Response to Rick Warren – Churches are helpful, but not a silver bullet for HIV

According to American Pastor Rick Warren, the church is the best conduit through which to fight against HIV/AIDS globally. Critics have charged Warren and his Ugandan counterpart – Martin Ssempa – with disrupting effective HIV/AIDS programs for abstinence-only evangelical-based approaches. In addition, the partnership between Warren and Ssempa has led to increased antipathy toward homosexuals in Uganda.

In yesterday’s CNN article, Warren writes,

“Though late to the fight, in 2003 Kay and I heard God calling us to care for those infected and affected, to raise our voices on their behalf, and to figure out practical ways for local churches to serve them.

We traveled to Africa, ground zero for this pandemic, and were brokenhearted by the pain and thrilled by the compassion we observed.

Out of the bubble that is American life, we sat with dying men and women, held newly orphaned babies in our arms, and cried with shattered family members.

In America, we’d heard public leaders, including pastors, make pronouncements about AIDS that implied that those infected were enemies, or at least deserved their illness.

But at the grassroots level we witnessed Christ-followers by the thousands opening their hearts, their homes, their wallets and their churches to fellow human beings in their suffering. Clearly, local churches were at the forefront of this battle in Africa.”

Evidently Warren travelled to Africa searching for a way that the church could help with the epidemic, only to find that local churches were already doing a good job in caring for the sick. Warren later writes in his article that this system inspired him to set up similar faith-based support networks in the US and globally.

At the same time that Warren was being inspired by African church-goers, Uganda was implementing its successful A.B.C. – Abstinence, Be Faithful, Condomize – campaign against HIV/AIDS. The country had one of the most progressive attitudes toward HIV/AIDS in the region, mostly as a result of President Museveni’s early efforts to combat the disease publically.

As Max Blumenthal of The Daily Beast writes,

“…an investigation into Warren’s involvement in Africa reveals a web of alliances with right-wing clergymen who have sidelined science-based approaches to combating AIDS in favor of abstinence-only education. More disturbingly, Warren’s allies have rolled back key elements of one of the continent’s most successful initiative, the so-called ABC program in Uganda. Stephen Lewis, the United Nations’ special envoy for HIV/AIDS in Africa, told the New York Times their activism is “resulting in great damage and undoubtedly will cause significant numbers of infections which should never have occurred.”

Later, Warren was associated, through Ssempa, with the controversial “Kill the Gays” bill in Uganda’s Parliament that would make homosexuality a capital offense. Despite threats that the bill would be revisited this session, the Uganda Parliament adjourned on 13 May without debating the bill. It remains tabled for the moment.

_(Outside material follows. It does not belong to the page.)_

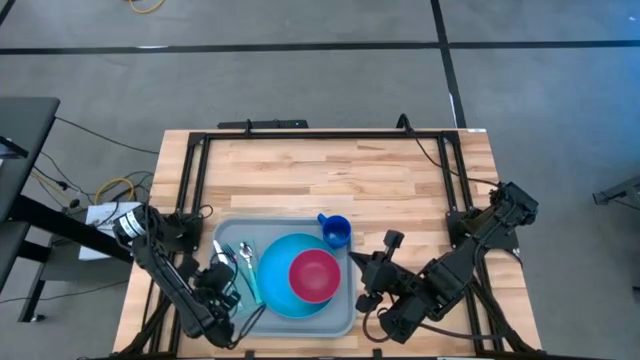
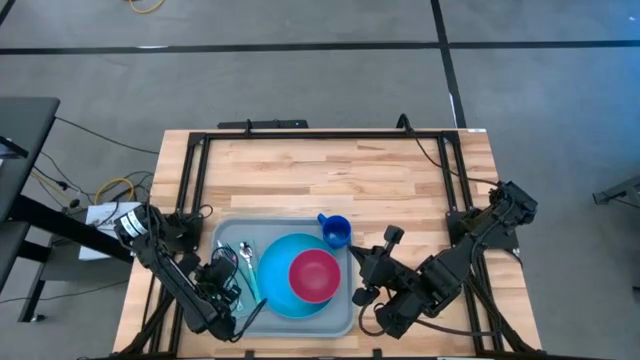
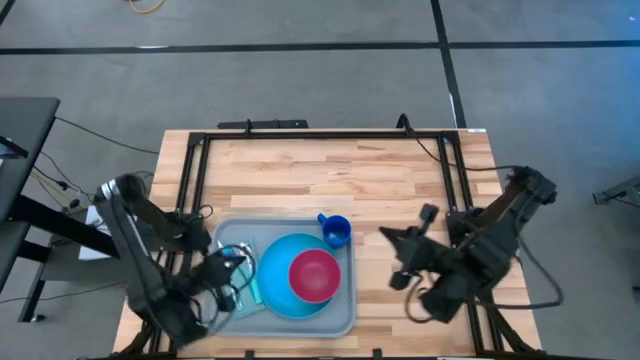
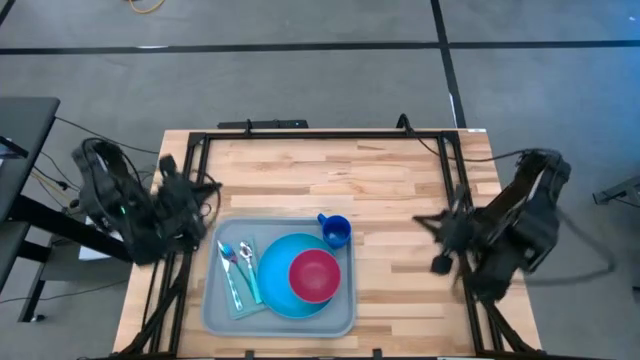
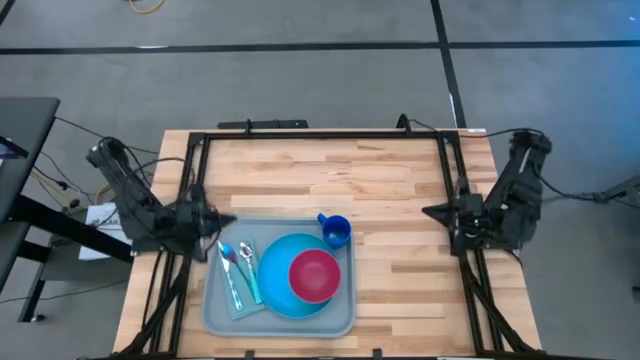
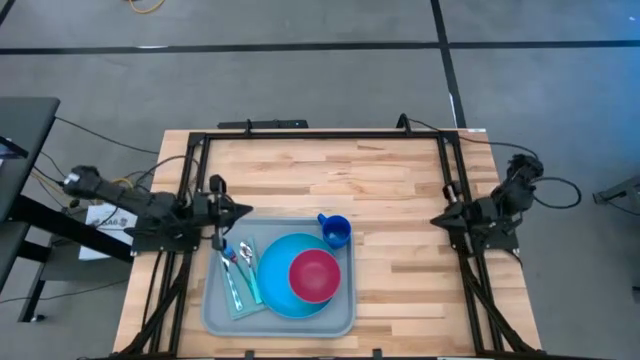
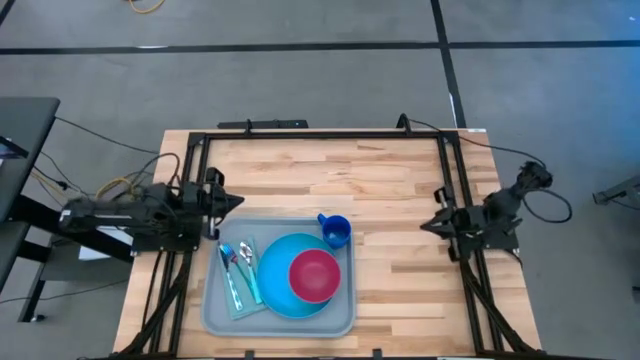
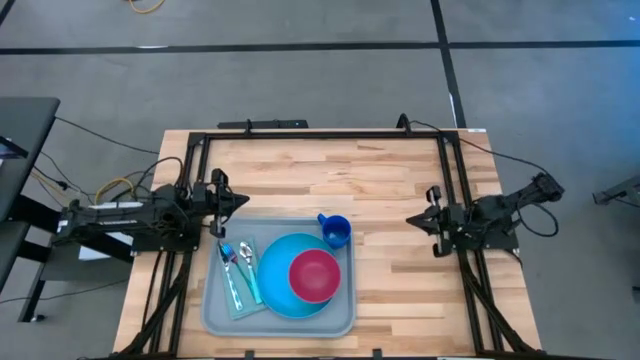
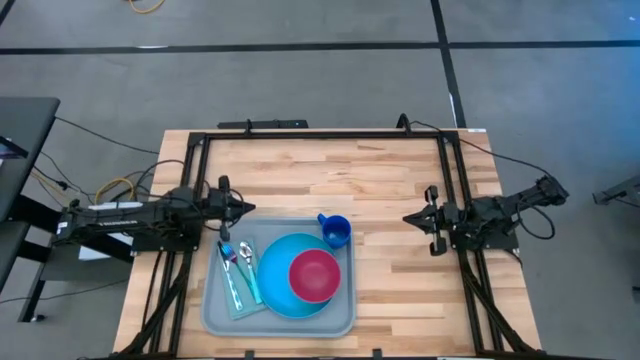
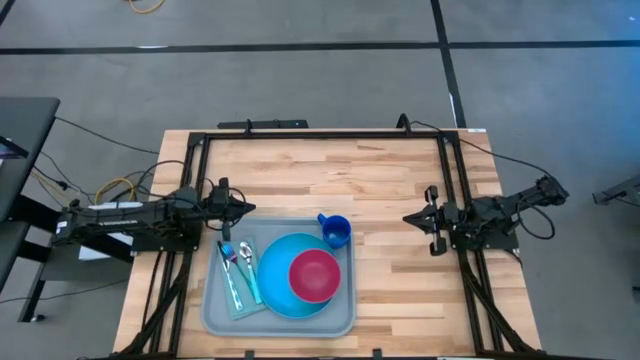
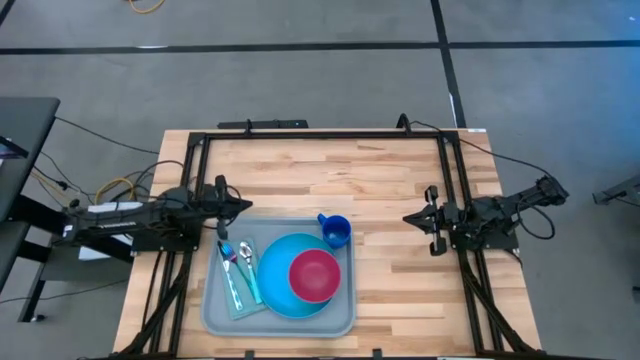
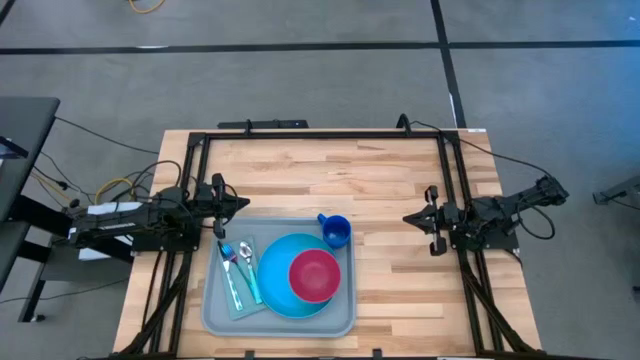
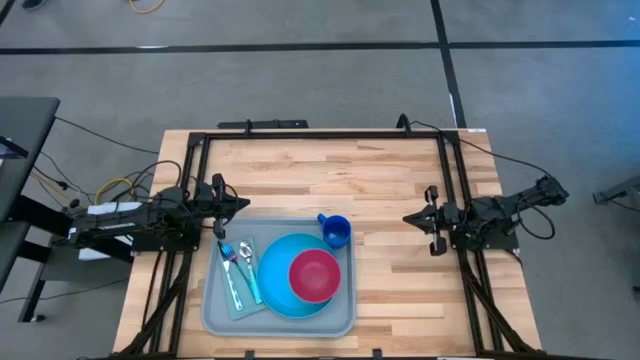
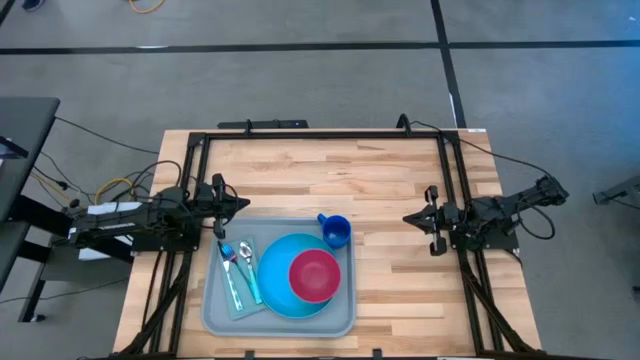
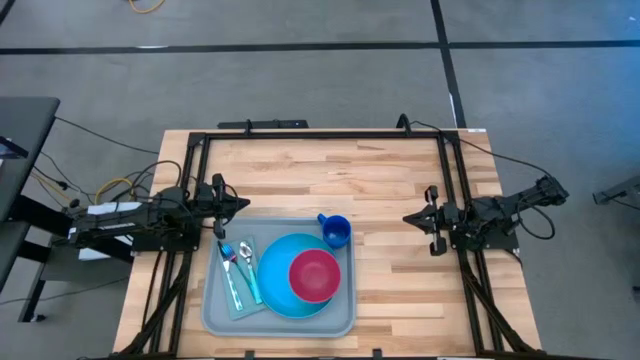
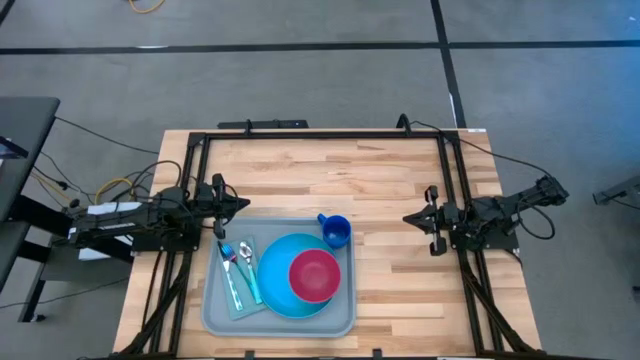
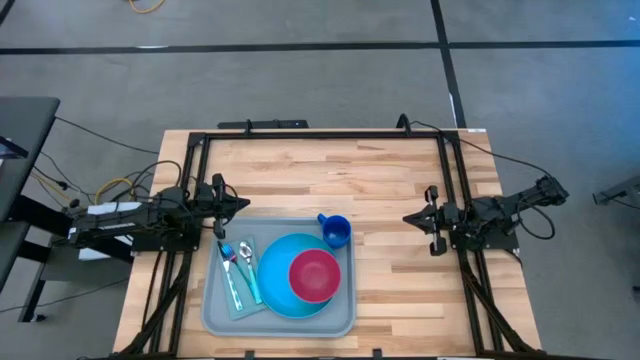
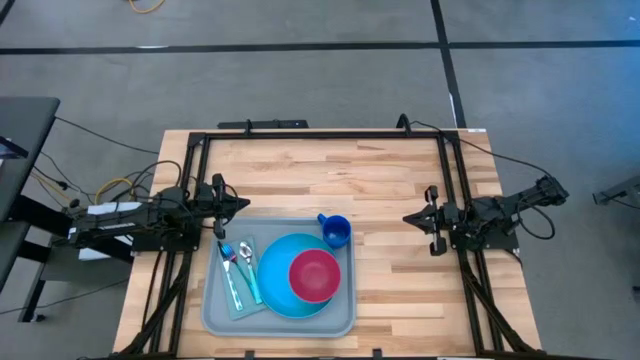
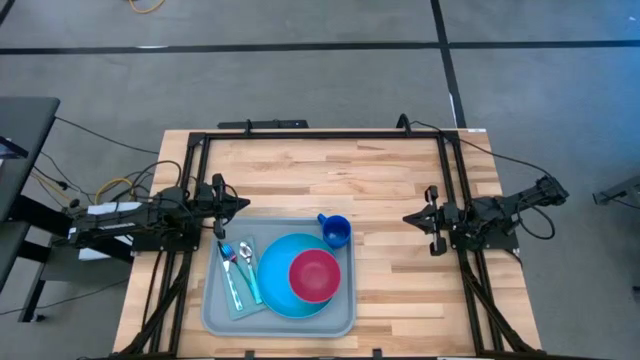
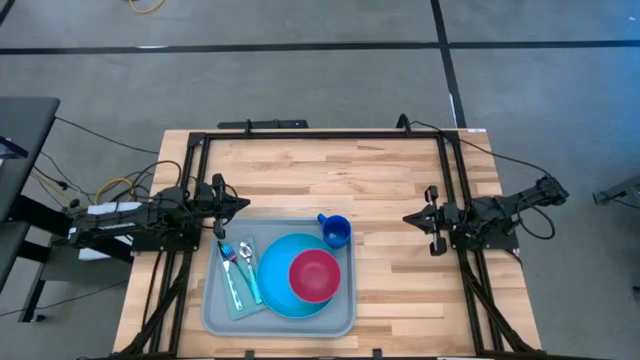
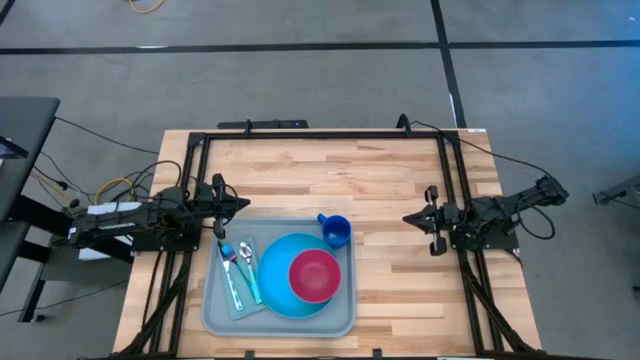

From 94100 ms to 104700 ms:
Task: Set up tray
Return to Home Position

While Warren’s work in Africa is ineffectively (and ruinously) intertwined with his own personal mission against condom promotion and homosexuality, his base argument that the church is the best way to combat HIV/AIDS isn’t necessarily a bad one. As Warren himself admits, when he first traveled to Africa, he saw a system of faith-based care and prevention that was working. Since then, church-based HIV/AIDS programs have encountered problems because of Warren’s involvement and his perversion of their original approach.

As Warren and Ssempa have shown, hate rhetoric and narrow-mindedness is utterly ineffective in a country like Uganda. Their approach has not only led to local and international backlash, but also managed to undermine decades of effective behavior change promotion. For me, Warren’s article is a rare moment where I agree with the message but cannot bring myself to support the messenger.

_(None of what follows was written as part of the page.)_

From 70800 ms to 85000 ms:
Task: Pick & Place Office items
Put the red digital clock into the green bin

Churches are a centerpiece of life for the majority of Africans. They can and do provide essential services to HIV/AIDS victims and in promoting healthy behavior that can prevent the spread of the disease. Warren is correct when he writes,

The church has the largest distribution network on the planet. There are more churches in the world than all the Wal-Marts, McDonald’s and Starbucks combined. The church was global 200 years before anyone else thought of globalization. We could take you to thousands of villages around the world where the only institution to speak of is a church.”

However, faith-based HIV/AIDS programs cannot provide a silver bullet solution to the HIV epidemic. Their efforts must be coupled with methods that are scientifically and culturally proven effective within the communities that they are implemented. Churches also need nurses and doctors to administer HIV testing and treatment. They need nutritionists to determine appropriate food intake for ART users. While we should not downplay or neglect the importance of the church as a support system and useful network through which to deliver treatment and prevention methods, HIV programs require a variety of organizations and government agencies working in concert.